Task goal:
What are the lines, word for word, from the line with "بربور تاریو میں اکتر پال جائے" up to and including the line with "particolari Che trovano" in the records below? Omit the pictures.

Data extracts:

• • •

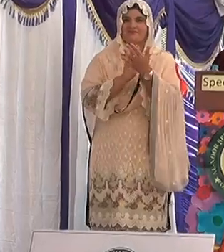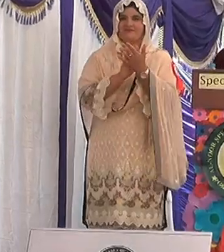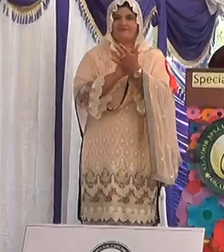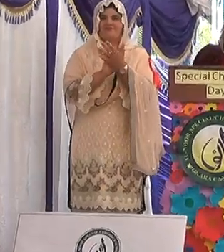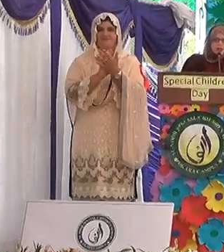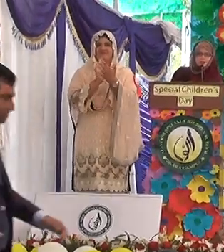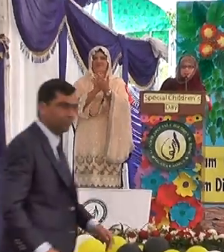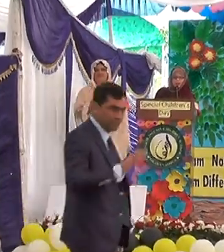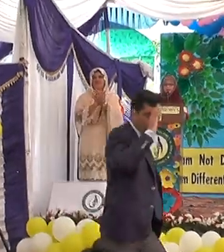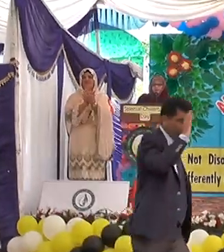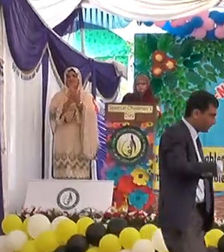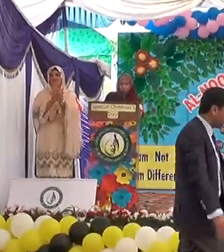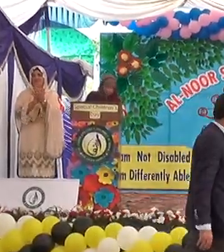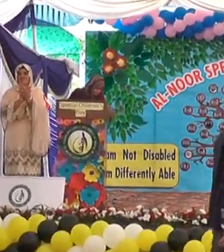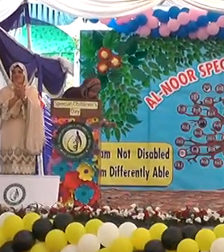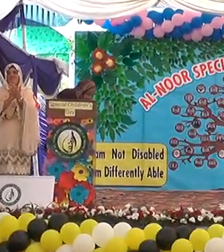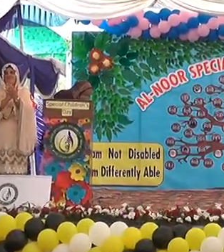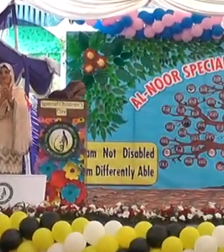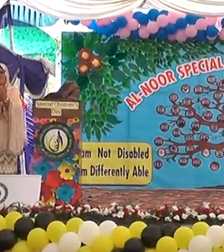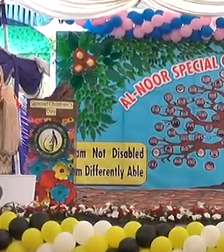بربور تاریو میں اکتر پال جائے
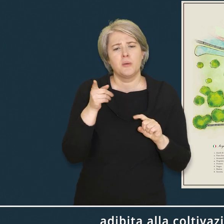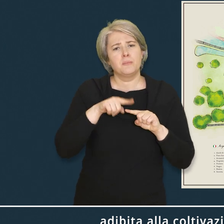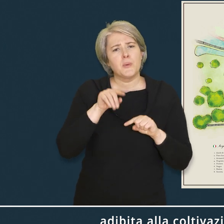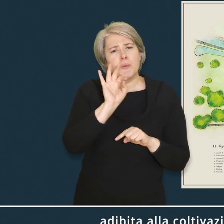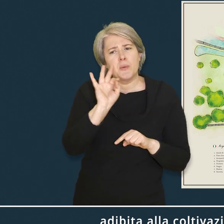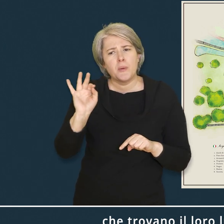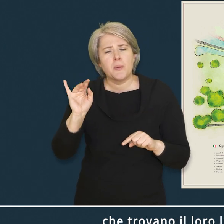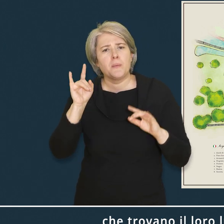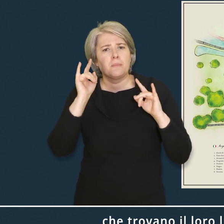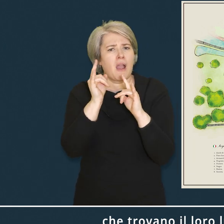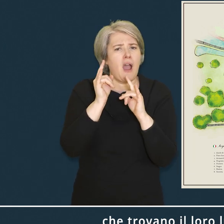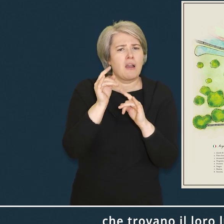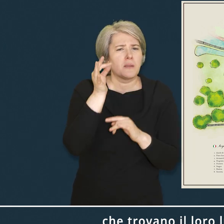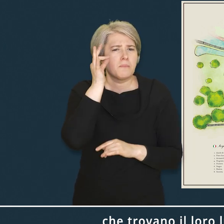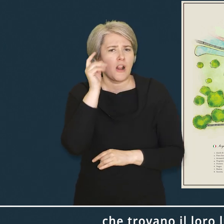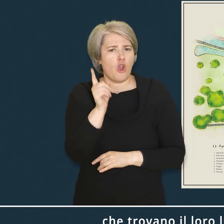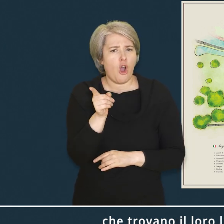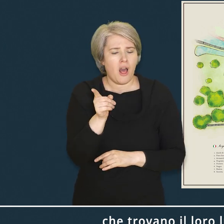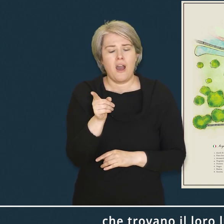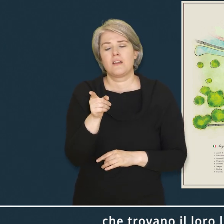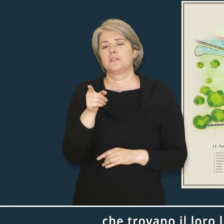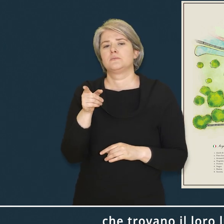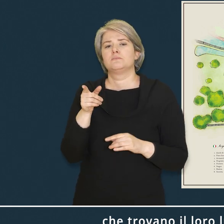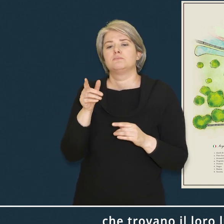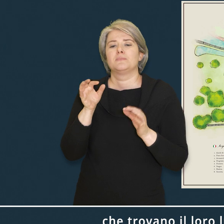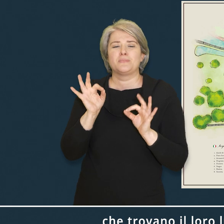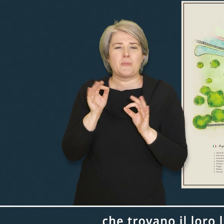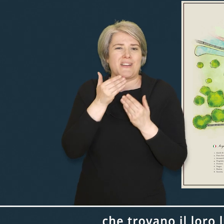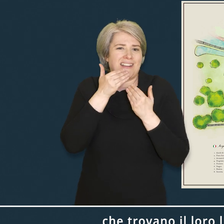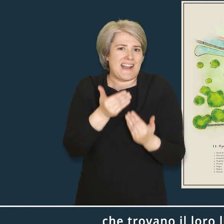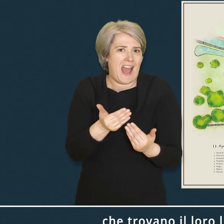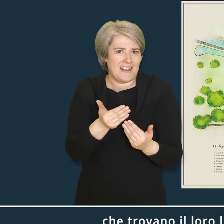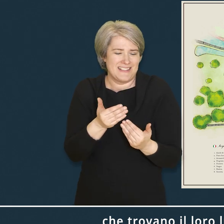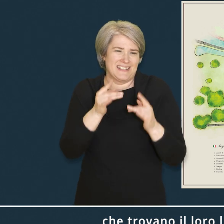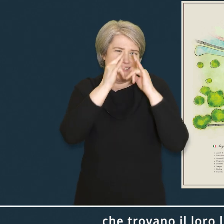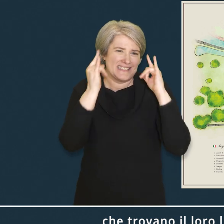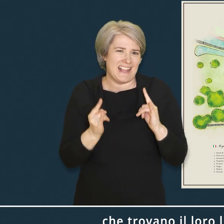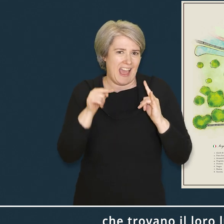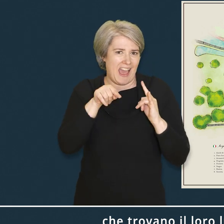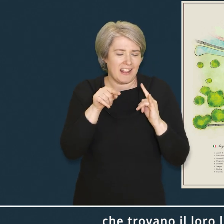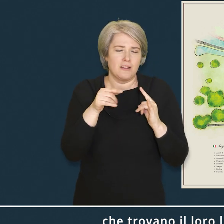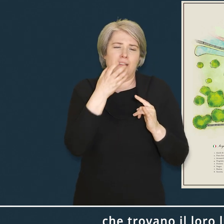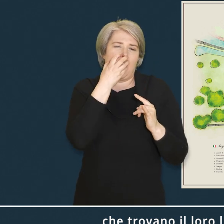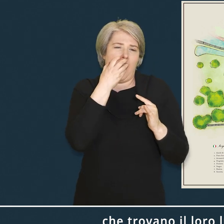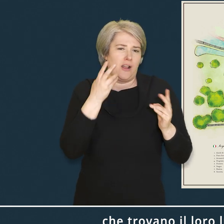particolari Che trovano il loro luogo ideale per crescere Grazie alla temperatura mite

• • •

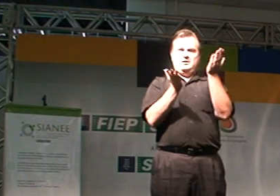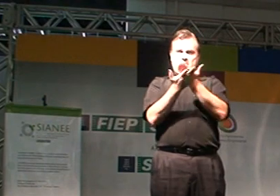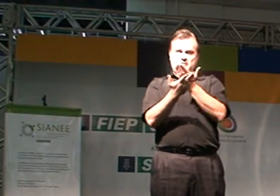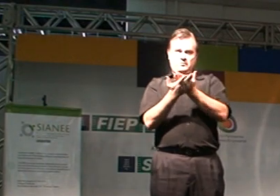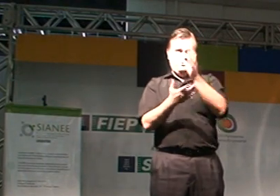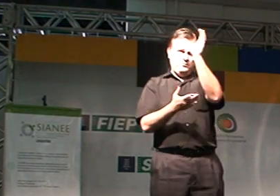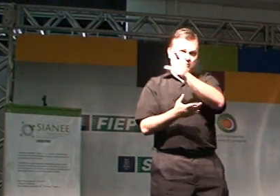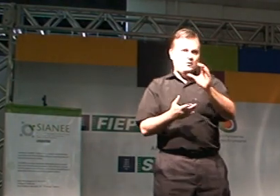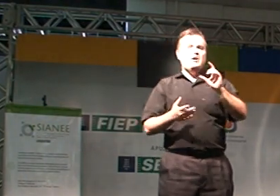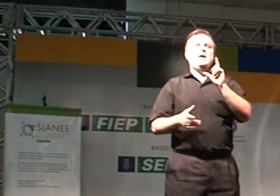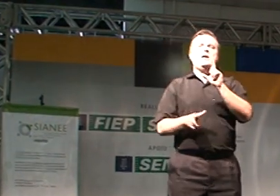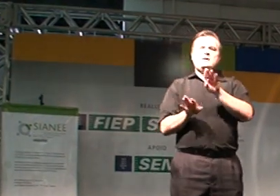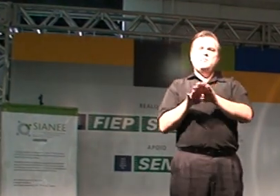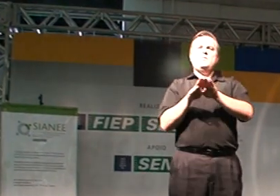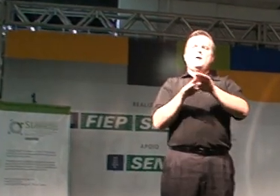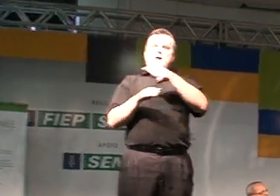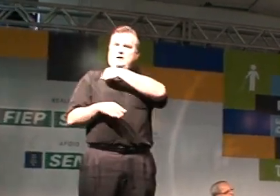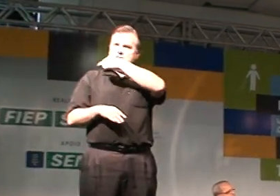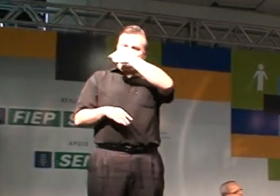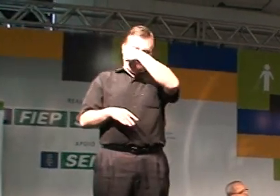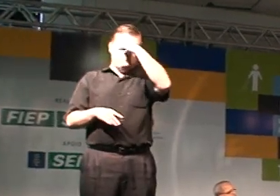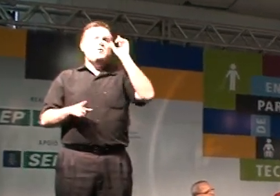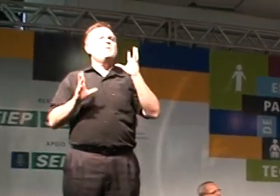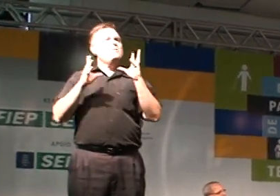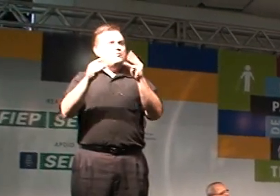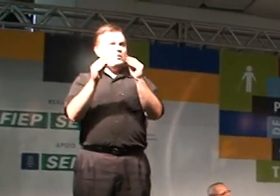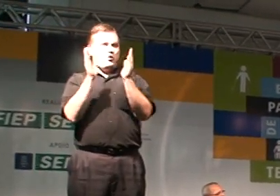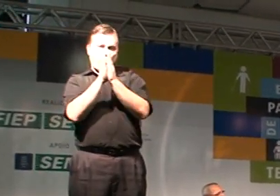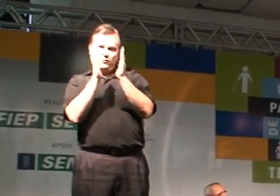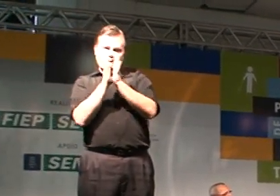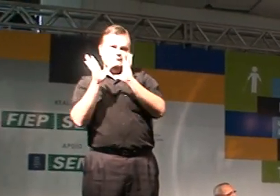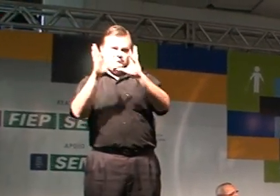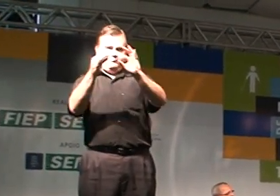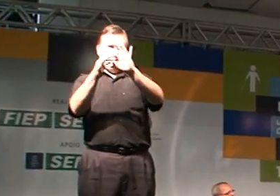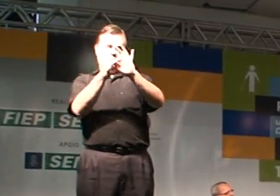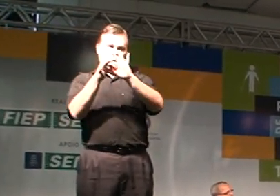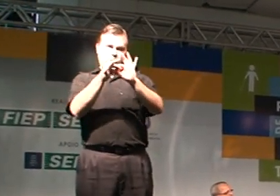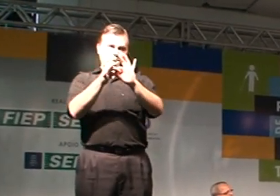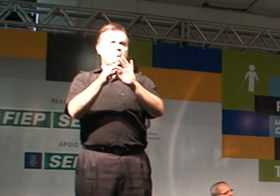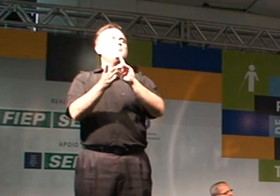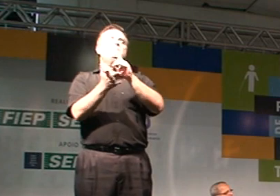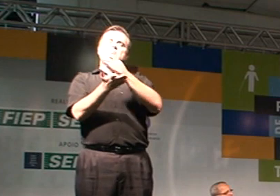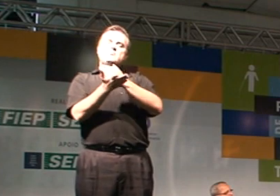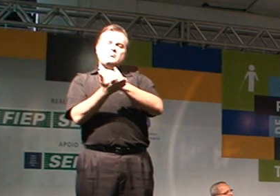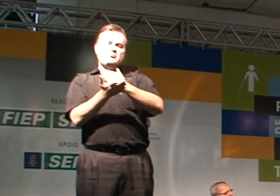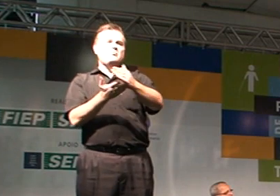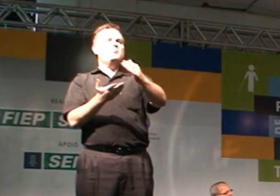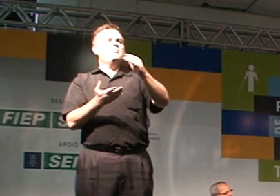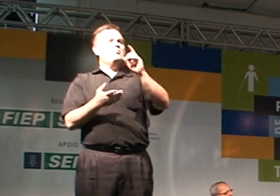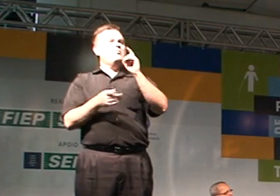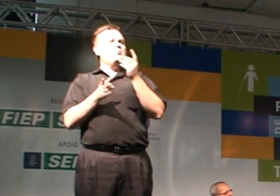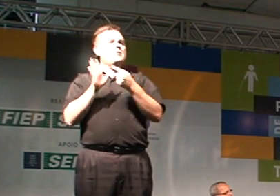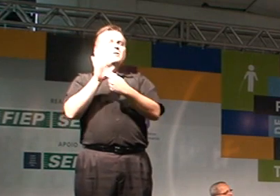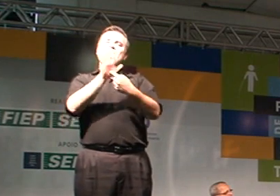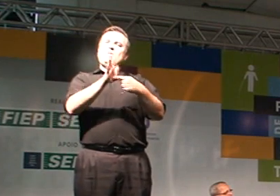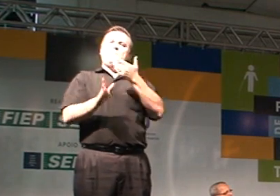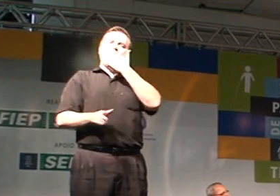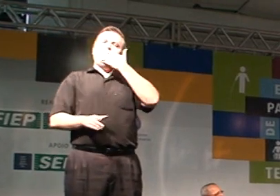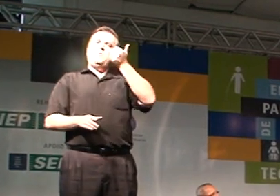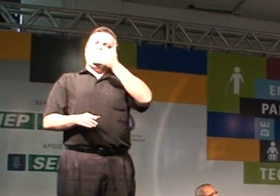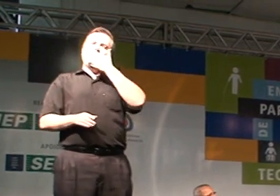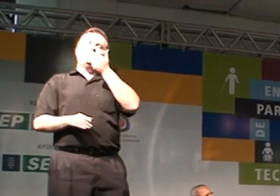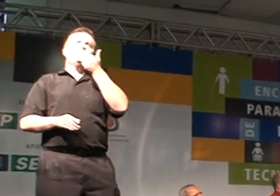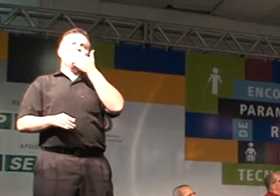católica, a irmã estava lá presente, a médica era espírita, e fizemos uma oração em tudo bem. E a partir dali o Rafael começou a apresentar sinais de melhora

• • •

Problem solution:
بربور تاریو میں اکتر پال جائے
particolari Che trovano il loro luogo ideale per crescere Grazie alla temperatura mite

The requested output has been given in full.